:: Assignment ::
When you reach the line containing "Length unit declared in the file: inch" in the entries below, begin reproducing lines exactly, and stop once the line containing "#983 = ORIENTED_EDGE" is done.

(Stored items)
[Start of Attachment]
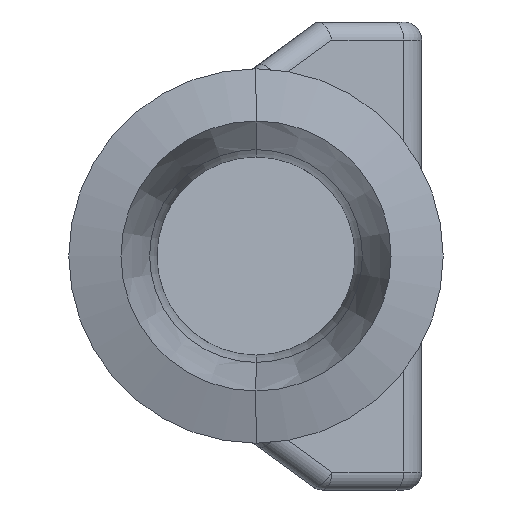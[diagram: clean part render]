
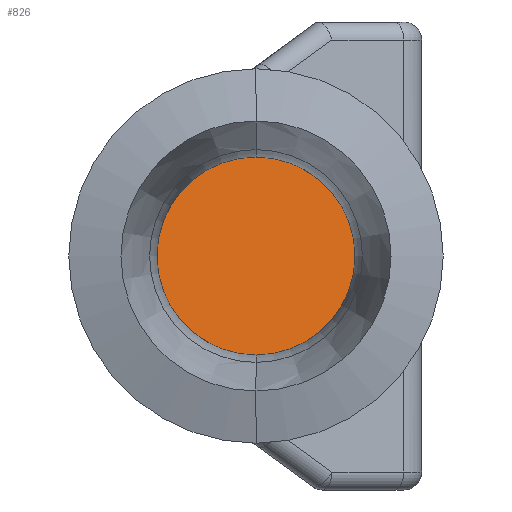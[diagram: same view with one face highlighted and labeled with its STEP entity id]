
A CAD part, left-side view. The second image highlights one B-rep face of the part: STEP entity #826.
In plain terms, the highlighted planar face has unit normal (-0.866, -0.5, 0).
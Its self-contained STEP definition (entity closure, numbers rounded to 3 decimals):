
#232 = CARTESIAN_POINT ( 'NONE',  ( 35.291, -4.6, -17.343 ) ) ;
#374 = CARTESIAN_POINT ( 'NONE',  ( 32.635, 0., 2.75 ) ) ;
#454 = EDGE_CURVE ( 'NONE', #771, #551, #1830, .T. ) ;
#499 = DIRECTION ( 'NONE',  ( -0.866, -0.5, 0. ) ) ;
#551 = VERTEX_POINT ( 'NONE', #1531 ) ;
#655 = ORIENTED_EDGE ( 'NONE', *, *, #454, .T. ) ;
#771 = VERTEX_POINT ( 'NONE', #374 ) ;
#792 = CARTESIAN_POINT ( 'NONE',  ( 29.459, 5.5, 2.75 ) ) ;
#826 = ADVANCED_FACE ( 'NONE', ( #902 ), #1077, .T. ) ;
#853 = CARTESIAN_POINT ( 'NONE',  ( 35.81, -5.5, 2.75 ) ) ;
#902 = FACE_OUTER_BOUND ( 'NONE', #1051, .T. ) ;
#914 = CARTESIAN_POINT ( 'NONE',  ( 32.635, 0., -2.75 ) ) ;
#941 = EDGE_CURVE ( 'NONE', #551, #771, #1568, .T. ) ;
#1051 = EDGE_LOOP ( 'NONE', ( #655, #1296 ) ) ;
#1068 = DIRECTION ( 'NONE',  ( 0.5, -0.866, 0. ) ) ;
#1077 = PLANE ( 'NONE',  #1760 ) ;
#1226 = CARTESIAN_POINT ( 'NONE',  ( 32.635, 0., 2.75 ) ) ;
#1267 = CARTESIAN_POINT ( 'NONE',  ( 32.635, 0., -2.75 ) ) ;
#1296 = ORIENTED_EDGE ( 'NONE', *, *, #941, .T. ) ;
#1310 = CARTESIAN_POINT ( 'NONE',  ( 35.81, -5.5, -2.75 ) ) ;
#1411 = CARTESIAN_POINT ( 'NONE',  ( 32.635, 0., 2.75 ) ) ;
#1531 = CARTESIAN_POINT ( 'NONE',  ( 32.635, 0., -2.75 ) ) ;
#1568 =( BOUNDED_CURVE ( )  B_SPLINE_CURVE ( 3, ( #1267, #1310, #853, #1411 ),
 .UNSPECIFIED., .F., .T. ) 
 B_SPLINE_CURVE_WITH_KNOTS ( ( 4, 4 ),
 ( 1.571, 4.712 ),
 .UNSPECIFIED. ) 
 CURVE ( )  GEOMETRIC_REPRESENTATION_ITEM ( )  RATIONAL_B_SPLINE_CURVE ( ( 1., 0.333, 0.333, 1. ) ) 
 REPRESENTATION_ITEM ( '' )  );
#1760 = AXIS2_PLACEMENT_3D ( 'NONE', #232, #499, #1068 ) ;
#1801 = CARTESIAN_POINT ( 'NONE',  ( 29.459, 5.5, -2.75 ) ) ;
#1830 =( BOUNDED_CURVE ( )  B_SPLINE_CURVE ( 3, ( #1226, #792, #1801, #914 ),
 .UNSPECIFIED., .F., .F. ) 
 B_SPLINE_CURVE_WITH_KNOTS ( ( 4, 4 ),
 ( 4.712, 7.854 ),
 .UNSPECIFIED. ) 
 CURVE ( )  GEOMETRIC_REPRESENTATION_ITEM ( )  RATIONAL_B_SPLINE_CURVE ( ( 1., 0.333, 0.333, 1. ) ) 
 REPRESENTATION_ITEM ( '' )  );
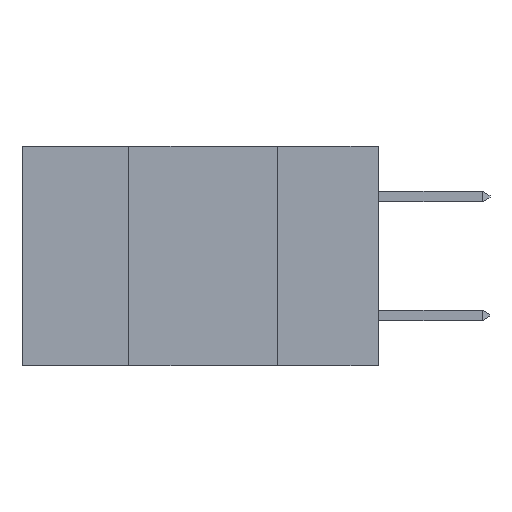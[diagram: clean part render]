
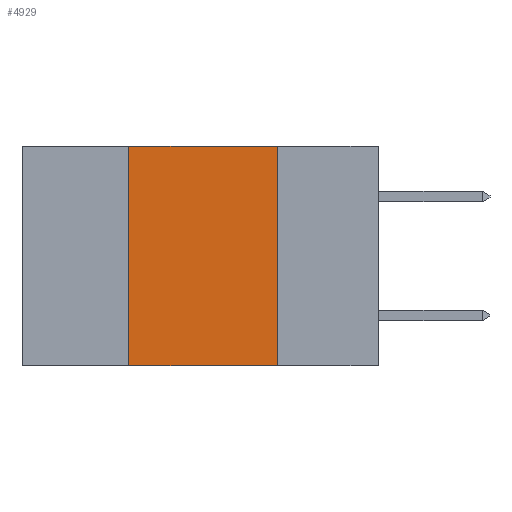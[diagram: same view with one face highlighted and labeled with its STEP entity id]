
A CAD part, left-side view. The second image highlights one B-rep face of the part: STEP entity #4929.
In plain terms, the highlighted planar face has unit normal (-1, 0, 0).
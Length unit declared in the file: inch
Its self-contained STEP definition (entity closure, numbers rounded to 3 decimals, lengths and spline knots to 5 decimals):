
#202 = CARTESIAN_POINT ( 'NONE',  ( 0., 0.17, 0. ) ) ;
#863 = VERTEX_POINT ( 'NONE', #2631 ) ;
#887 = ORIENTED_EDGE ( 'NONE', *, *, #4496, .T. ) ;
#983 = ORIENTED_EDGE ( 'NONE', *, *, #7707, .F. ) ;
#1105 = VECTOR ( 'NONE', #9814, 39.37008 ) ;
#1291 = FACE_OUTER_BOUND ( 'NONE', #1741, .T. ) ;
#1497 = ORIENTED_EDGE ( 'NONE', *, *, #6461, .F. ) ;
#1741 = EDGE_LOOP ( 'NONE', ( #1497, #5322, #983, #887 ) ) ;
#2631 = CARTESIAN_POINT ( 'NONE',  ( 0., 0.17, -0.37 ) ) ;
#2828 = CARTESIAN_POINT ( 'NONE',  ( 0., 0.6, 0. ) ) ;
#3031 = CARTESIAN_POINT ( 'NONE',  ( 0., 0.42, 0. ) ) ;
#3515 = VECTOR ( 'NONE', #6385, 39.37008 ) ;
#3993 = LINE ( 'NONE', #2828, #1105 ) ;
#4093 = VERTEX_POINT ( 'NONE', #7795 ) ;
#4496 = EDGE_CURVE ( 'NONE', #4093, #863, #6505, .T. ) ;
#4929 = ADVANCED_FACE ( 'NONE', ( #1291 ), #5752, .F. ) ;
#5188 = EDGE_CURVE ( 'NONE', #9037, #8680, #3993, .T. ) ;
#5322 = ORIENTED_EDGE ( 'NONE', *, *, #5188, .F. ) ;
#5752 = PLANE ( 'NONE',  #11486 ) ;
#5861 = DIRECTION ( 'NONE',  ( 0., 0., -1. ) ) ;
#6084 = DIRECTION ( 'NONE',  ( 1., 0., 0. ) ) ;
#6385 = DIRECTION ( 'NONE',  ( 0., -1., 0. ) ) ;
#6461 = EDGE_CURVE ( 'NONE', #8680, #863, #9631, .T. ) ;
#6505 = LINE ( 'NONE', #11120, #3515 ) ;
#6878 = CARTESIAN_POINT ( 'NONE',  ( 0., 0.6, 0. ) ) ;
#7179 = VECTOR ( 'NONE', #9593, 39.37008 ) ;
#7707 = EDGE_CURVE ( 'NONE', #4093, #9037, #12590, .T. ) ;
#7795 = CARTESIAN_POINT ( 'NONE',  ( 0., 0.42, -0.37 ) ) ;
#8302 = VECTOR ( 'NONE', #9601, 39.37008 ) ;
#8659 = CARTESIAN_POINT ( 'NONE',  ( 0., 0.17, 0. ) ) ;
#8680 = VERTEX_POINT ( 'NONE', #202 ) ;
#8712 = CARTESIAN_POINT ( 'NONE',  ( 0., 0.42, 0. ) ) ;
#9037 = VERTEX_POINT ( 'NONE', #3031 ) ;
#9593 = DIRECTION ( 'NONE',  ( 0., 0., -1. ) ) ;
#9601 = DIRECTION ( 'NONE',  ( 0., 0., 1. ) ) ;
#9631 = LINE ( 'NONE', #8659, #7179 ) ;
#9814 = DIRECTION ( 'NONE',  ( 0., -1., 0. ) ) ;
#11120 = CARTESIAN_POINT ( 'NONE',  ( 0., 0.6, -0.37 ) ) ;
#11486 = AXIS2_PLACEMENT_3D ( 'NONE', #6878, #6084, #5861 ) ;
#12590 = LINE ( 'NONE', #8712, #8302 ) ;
[End of Attachment]
:: Response to the exercise ::
Length unit declared in the file: inch
Its self-contained STEP definition (entity closure, numbers rounded to 3 decimals, lengths and spline knots to 5 decimals):
#202 = CARTESIAN_POINT ( 'NONE',  ( 0., 0.17, 0. ) ) ;
#863 = VERTEX_POINT ( 'NONE', #2631 ) ;
#887 = ORIENTED_EDGE ( 'NONE', *, *, #4496, .T. ) ;
#983 = ORIENTED_EDGE ( 'NONE', *, *, #7707, .F. ) ;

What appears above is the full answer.